>>16805528 (OP)
let's say that lottery numbers are compromised of [math]n[/math] digits (between 0 and 9, including 0 and 9). we will have a total of [math]10^n[/math] lottery numbers.
what does "picking random" means? it can pick randomly with equal probability two different numbers ignoring others (0 probability for others). let's us say that every number's probability equal to [math]\frac{1}{10^n}[/math], for simplicity we will denote it as [math]p(n)[/math]. so now the question is: if we pick numbers for infinite ammount of time, will we get every number?

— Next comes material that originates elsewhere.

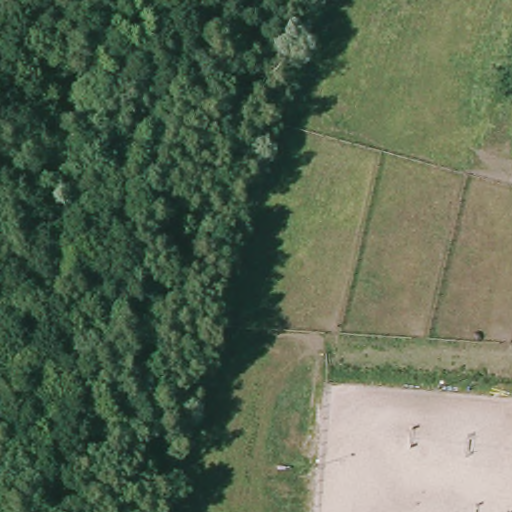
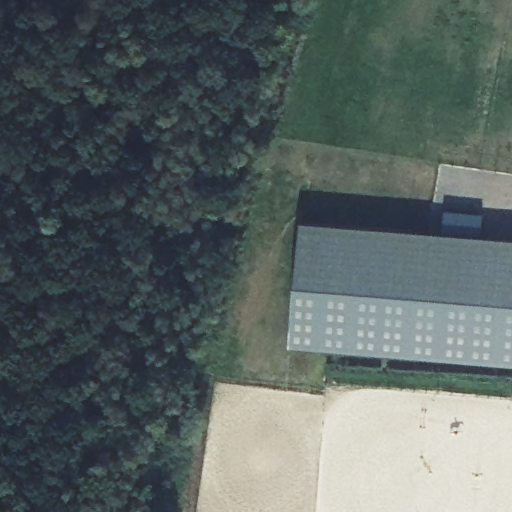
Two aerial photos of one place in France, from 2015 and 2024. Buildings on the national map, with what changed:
new [(291,345),(301,219),(512,237),(512,364),(291,345)]

what is the probability of picking a number [math]x[/math] for our first attempt? well, obviously [math]p(n)[/math], not a big number for a big [math]n[/math]. maybe we could pick [math]x[/math] in two attempts? we draw two numbers from the machine, what is the probability that [math]x[/math] is one of them? we have three variants: pulled [math]x[/math] in first attempt, pulled [math]x[/math] in second attempt, pulled [math]x[/math] twice. the total probability will be [math]p(n)(1-p(n)) + (1-p(n))p(n) + p(n)^2[/math]. bigger than [math]p(n)[/math] but still a small number for sufficiently large [math]n[/math].
okay, what about the general case? quite easy: it will be complementary probability of not getting [math]x[/math]. so the probability of getting at least 1 time the number [math]x[/math] in [math]k[/math] equals to [math]1 - (1-p(n))^k[/math]. as you can see, because [math]0<1-p(n)<1[/math] as [math]k[/math] grows we will have that [math](1-p(n))^k \rightarrow 0[/math]. in this sense, in infinite ammount of time we will get [math]x[/math] no matter what.

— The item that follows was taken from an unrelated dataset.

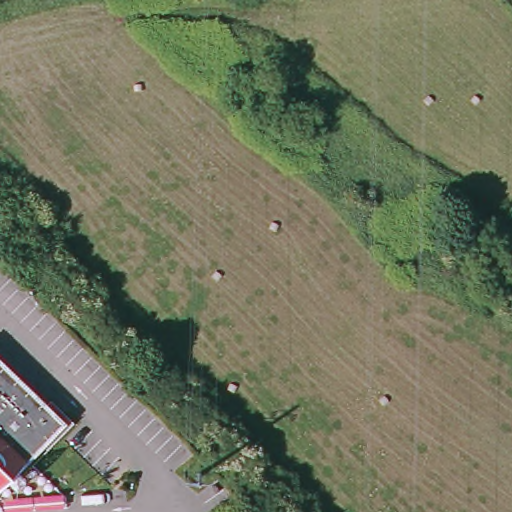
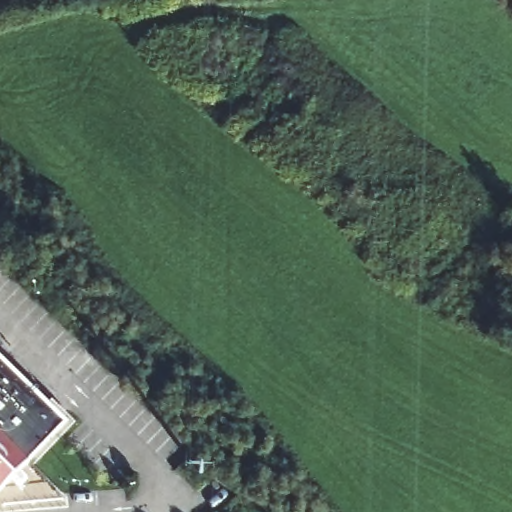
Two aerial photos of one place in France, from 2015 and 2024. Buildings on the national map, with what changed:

concrete example: let's say [math]n[/math] equals to 6, then we have [math]1-p(6) = 0.999999[/math]. let [math]k[/math] be [math]10 000 000[/math] (ten million), then the probability of [math]x[/math] being picked at least once in ten million is [math]1 - 0.999999^10000000 \approx 0.9999546[/math]. yep, a safe bet that it will be picked.